By concentrating on the landscapes of Théodore Rousseau, Greg Thomas’s book contributes new insights about the career of a relatively neglected artist of the nineteenth century. Rousseau has not been the subject of an exhibition at the Louvre since his centennial retrospective in 1967. It was followed in 1968 by Robert Herbert’s pioneer show at the Museum of Fine Arts in Boston, Barbizon Revisited. On this occasion, Herbert looked at Rousseau’s and his Barbizon companion’s paintings as more than just a transitional phase between romantic landscape and Impressionism. He created a framework that understood the development of naturalist landscape painting in the context of the radical politics of the times. The exhibition organized by the late Nicholas Green in 1982 at the University of East Anglia, Théodore Rousseau, 1812-1867, was the last time the public had the opportunity to see a major retrospective of Rousseau’s work.

Specialists of mid-nineteenth-century art are always eager to learn more about a period that has never quite received the attention it deserves. The reasons for the neglect of Barbizon painting are too complex to be dealt with at length within the limits of this review. French landscape painting has played an essential role in the development of modern art, and many scholars consider the paintings of artists such as Rousseau and the other members of the Barbizon School as precursors of modern landscape painting. Despite this, few publications have tackled the essential issues at stake in Rousseau’s work. What makes Greg Thomas’s work extremely valuable is its capacity to illuminate the past by providing us with an exemplary instance of a serious and in-depth reading of an artist’s work. Equally essential is its relevance to the present, bringing a historical dimension to ecological issues that have concerned many in recent years. It becomes clears when reading Art and Ecology in Nineteenth-Century France that mid-nineteenth-century concerns about nature cannot be fully grasped without understanding the development of the modern metropolis. Furthermore, Rousseau’s quest to preserve the Forest of Fontainebleau makes us realize that most of us living in urban centers at the beginning of the 21st century have still much to learn about the nature activists of the 1800s.

Herbert’s work, Barbizon Revisited, concentrated on creating a historical context for understanding the works of artists such as Rousseau, Diaz, Corot and Millet, connecting their painting to the 1830 and 1848 Revolutions. Green’s study, The Spectacle of Nature: Landscape and Bourgeois Culture in Nineteenth-Century France (Manchester University Press, 1990) paid specific attention to the role played by landscape painting in the general consumption of nature by the urban bourgeoisie. Greg Thomas’s book investigates still another avenue.

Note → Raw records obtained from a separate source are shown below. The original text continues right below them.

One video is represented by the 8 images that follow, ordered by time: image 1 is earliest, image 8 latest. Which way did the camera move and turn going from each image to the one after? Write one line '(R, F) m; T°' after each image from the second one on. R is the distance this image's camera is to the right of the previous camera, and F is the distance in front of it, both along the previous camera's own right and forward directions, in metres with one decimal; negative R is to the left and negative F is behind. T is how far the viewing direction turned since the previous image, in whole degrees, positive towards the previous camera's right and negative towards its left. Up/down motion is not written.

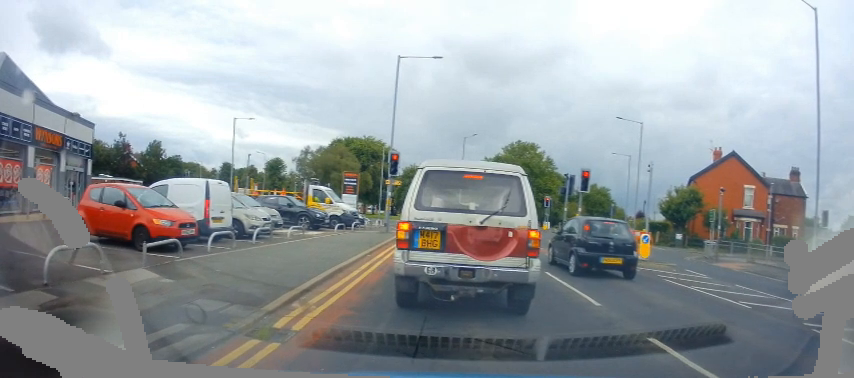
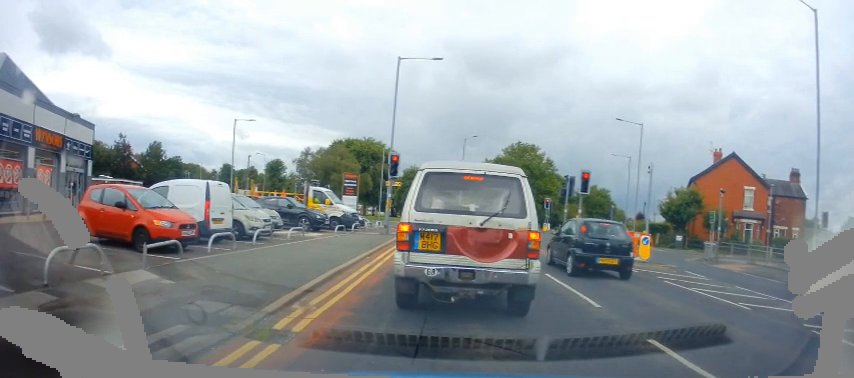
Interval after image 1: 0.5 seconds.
(0.0, 0.0) m; 0°
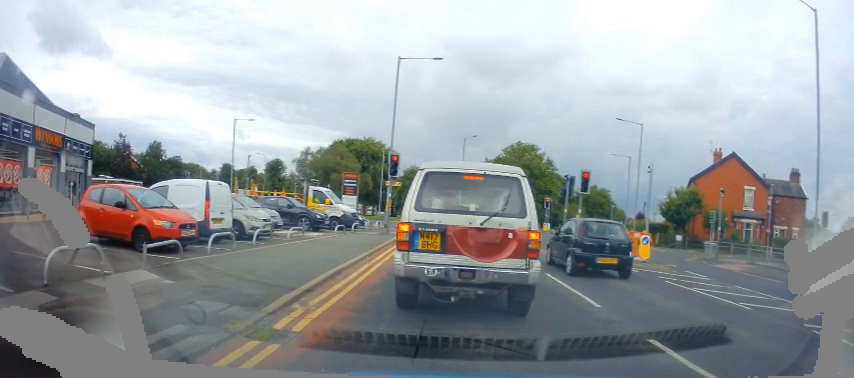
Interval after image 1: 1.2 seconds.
(0.0, 0.0) m; 0°
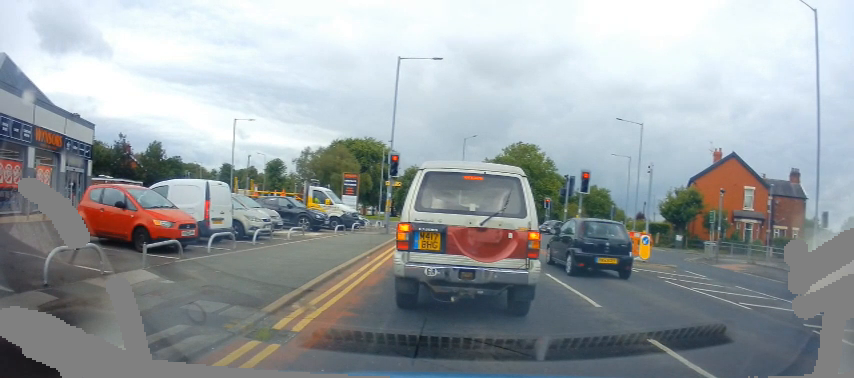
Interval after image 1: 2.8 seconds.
(0.0, 0.0) m; 0°
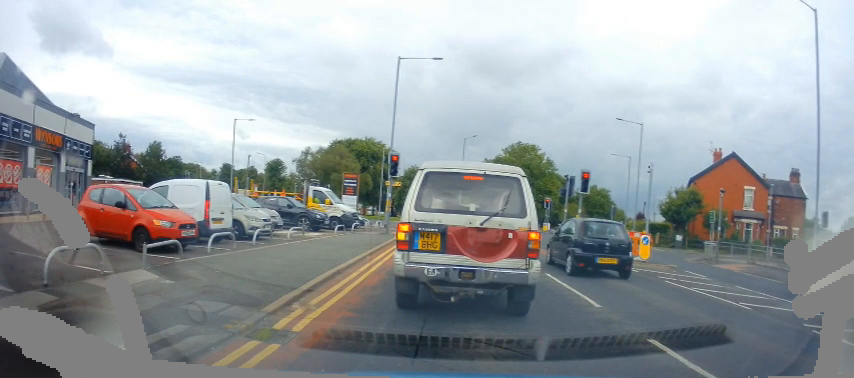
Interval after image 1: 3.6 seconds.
(0.0, 0.0) m; 0°
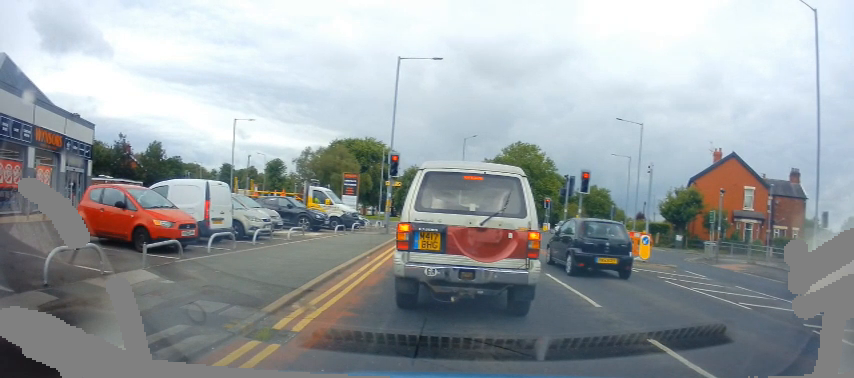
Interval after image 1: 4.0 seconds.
(0.0, 0.0) m; 0°
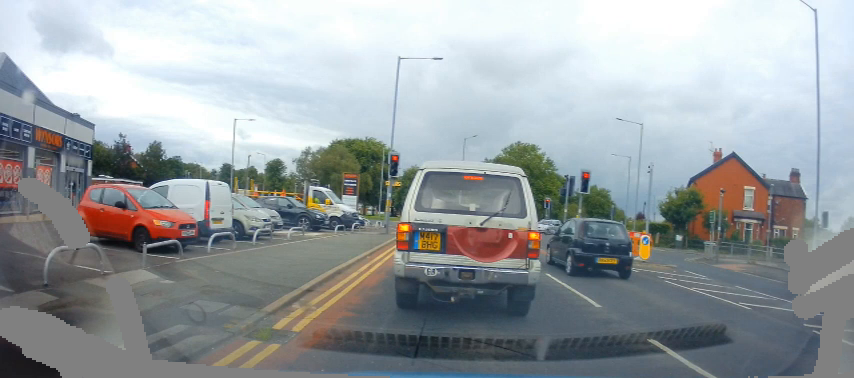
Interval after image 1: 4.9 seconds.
(0.0, 0.0) m; 0°
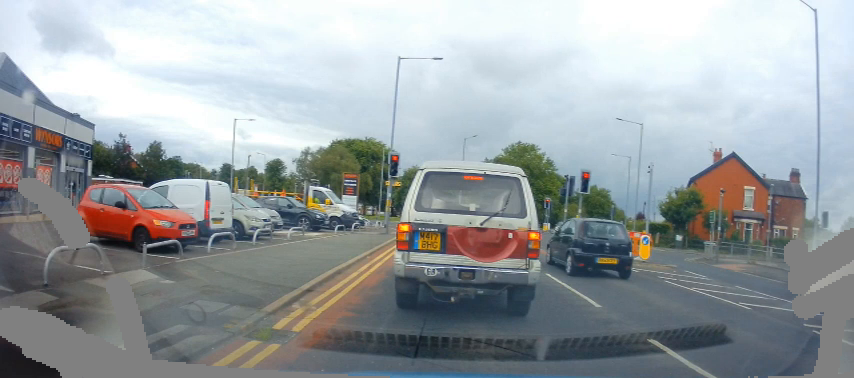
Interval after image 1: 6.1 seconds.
(0.0, 0.0) m; 0°

By looking into the origin of the science of ecology and by looking at Rousseau’s painting in a totally new way, Thomas opens an entirely new set of possibilities for understanding landscape painting. While many scholars have viewed landscape painting in connection with the political and social fabric of rural life, or in relationship to the formation of national identity, Thomas proposes a new paradigm. For him, Rousseau’s paintings are not just picturesque images for the weary urbanite. They propose a new ecological model, where the process of art-making echoes the process of transformation at play in nature itself. Human beings here are not part of this network of interconnections but are relegated to the role of spectator. In the first part of the book Thomas spends a great deal of time laying forth this new theory of spectatorship, where he demonstrates that Rousseau indeed created a special visual experience that was in itself capable of generating an ecological appreciation of the landscape (16). This, he explains convincingly, was probably a major reason for Rousseau’s rejection during his lifetime. With extremely pertinent and close formal readings of specific paintings and by backing his readings with precise documentation such as maps and photographs of the actual sites, Thomas makes an extremely strong case for this new way of understanding Rousseau’s paintings. His analysis of Rousseau’s use of ellipsoidal perspective is a model of art-historical analysis (34-47).

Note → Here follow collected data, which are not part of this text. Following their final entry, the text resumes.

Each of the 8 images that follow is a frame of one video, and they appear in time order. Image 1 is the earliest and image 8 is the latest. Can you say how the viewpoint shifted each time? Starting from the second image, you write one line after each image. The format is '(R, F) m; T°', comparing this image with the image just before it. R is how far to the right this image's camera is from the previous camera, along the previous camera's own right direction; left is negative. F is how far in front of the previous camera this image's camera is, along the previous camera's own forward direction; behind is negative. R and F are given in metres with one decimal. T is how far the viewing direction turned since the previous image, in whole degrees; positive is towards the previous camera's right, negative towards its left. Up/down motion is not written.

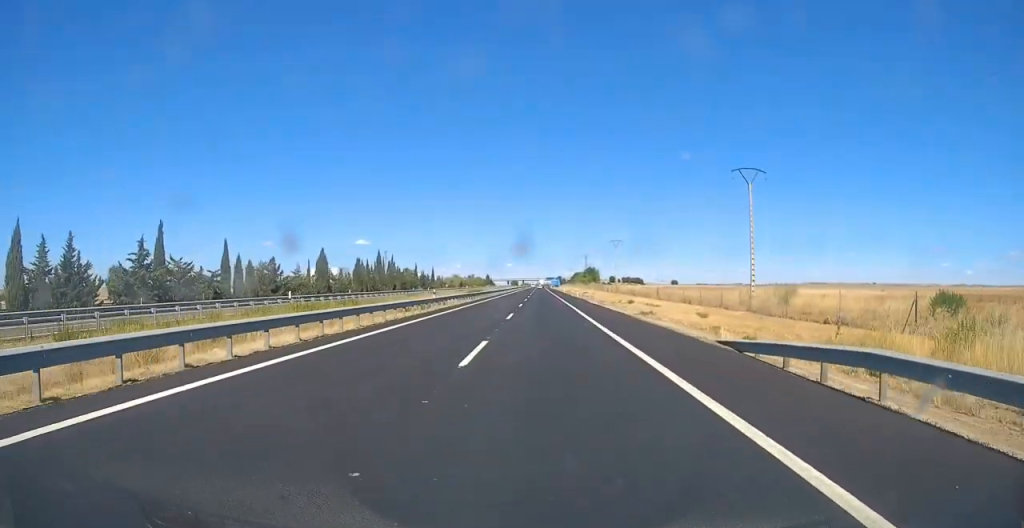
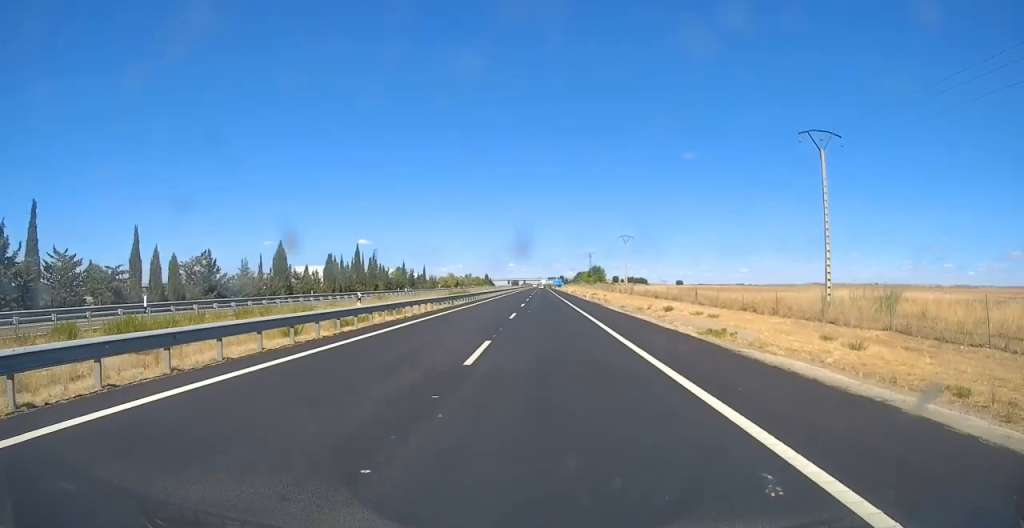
(-0.1, +16.8) m; 0°
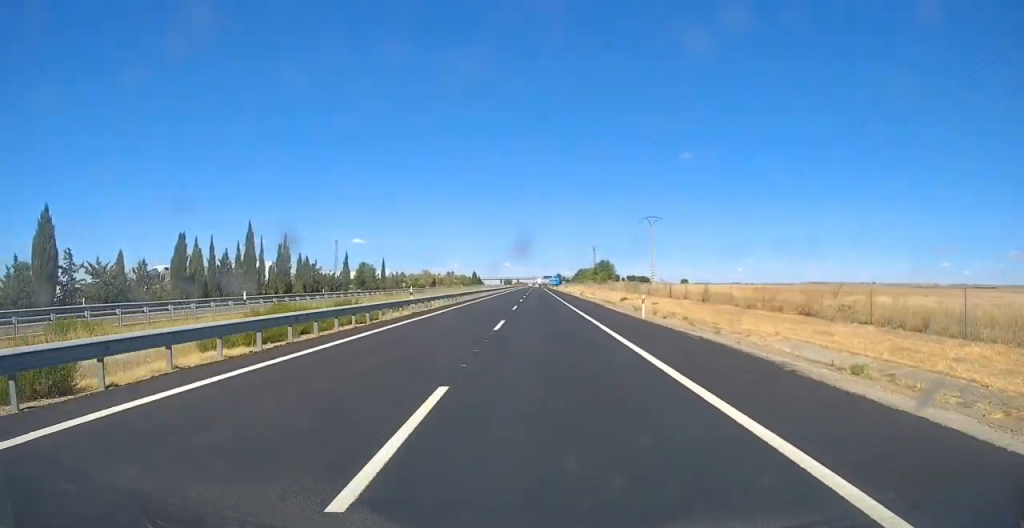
(+0.4, +41.9) m; +1°
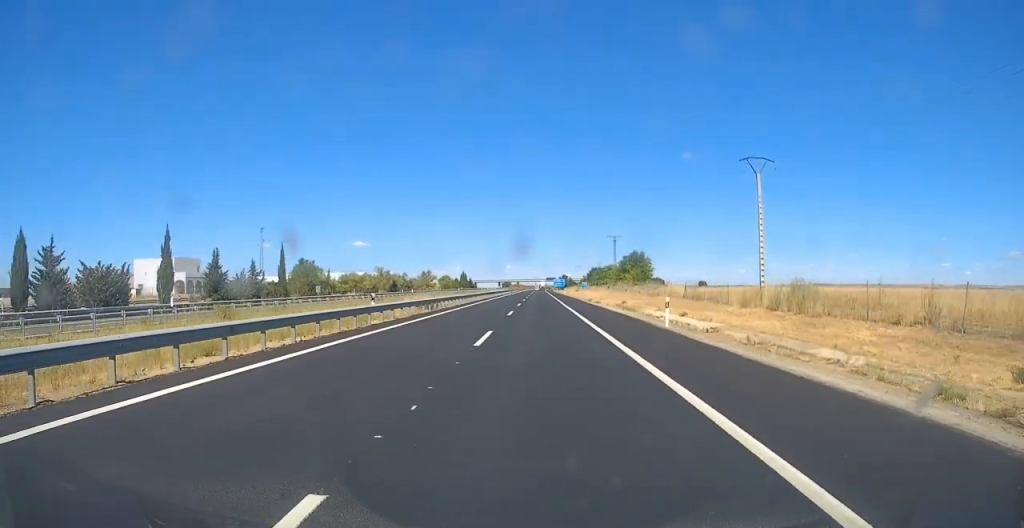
(-0.2, +55.7) m; 0°
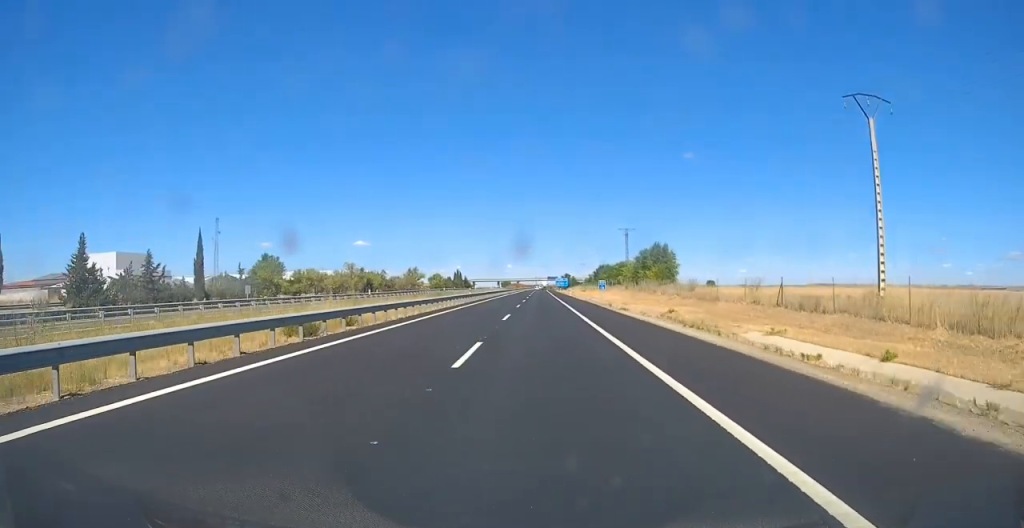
(+0.1, +21.5) m; 0°
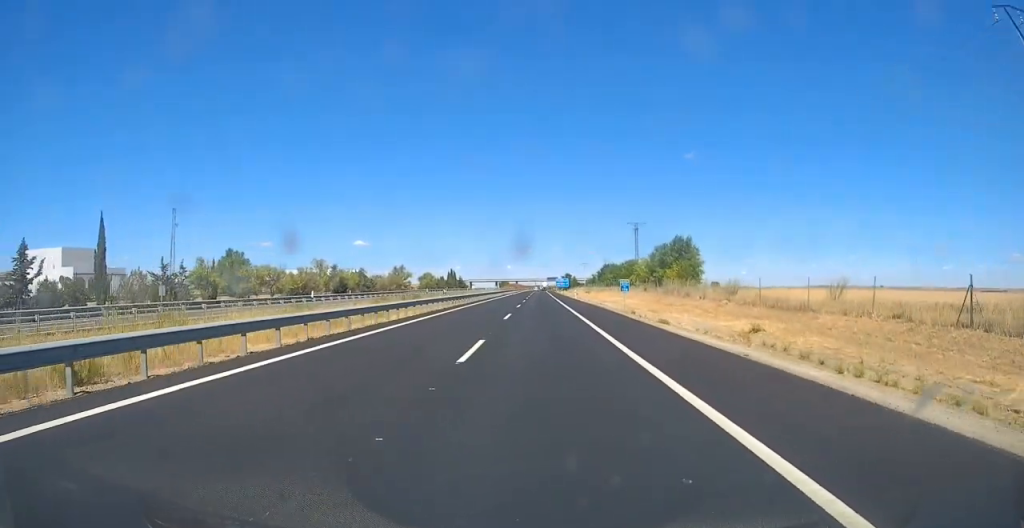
(-0.1, +15.7) m; 0°
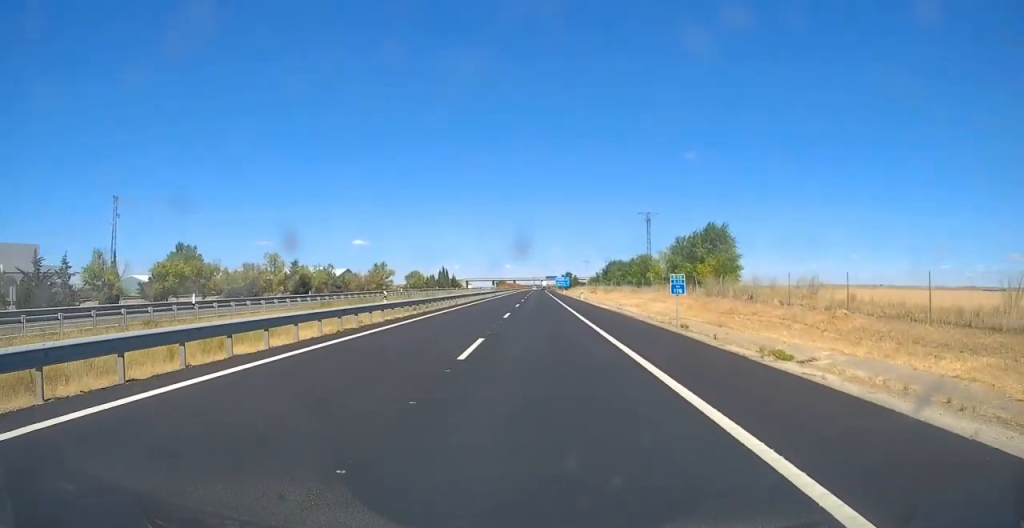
(0.0, +16.7) m; 0°
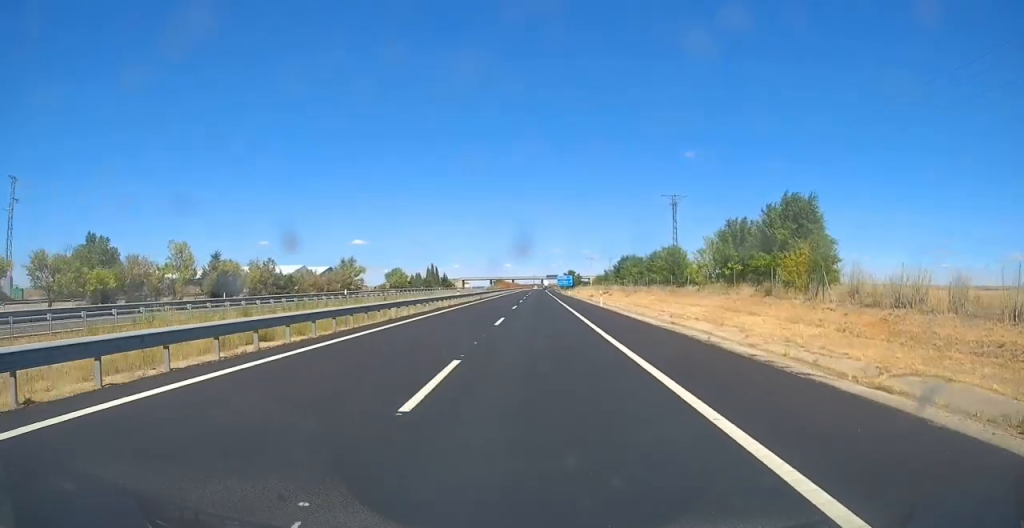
(+0.1, +22.6) m; 0°

Thomas’s book will permanently change our understanding of Barbizon painting and of Rousseau’s work, in particular, for two main reasons. First, looking at Rousseau’s landscapes as ecological in nature helps us understand why his work has never been fit comfortably into either the Romantic or the Naturalist category. Thomas’s argument is extremely convincing. Without the new paradigm of the ecological landscape, neither the critics of the nineteenth century, nor the Modernists concerned with Rousseau’s position as an “in-between” figure, sometimes romantic, sometimes naturalist, could understand his work. Secondly, Thomas’s interdisciplinary connection to the world of the natural sciences reminds us that the concept of ecology was coined in 1866, one year before the death of Rousseau. Thomas’s investigation of the world of early “green” politics and of the role played by Rousseau in the preservation of the Forest of Fontainebleau makes reading this book an extremely stimulating experience. It reminds us of our complicated role in the delicate balance between wilderness and civilization.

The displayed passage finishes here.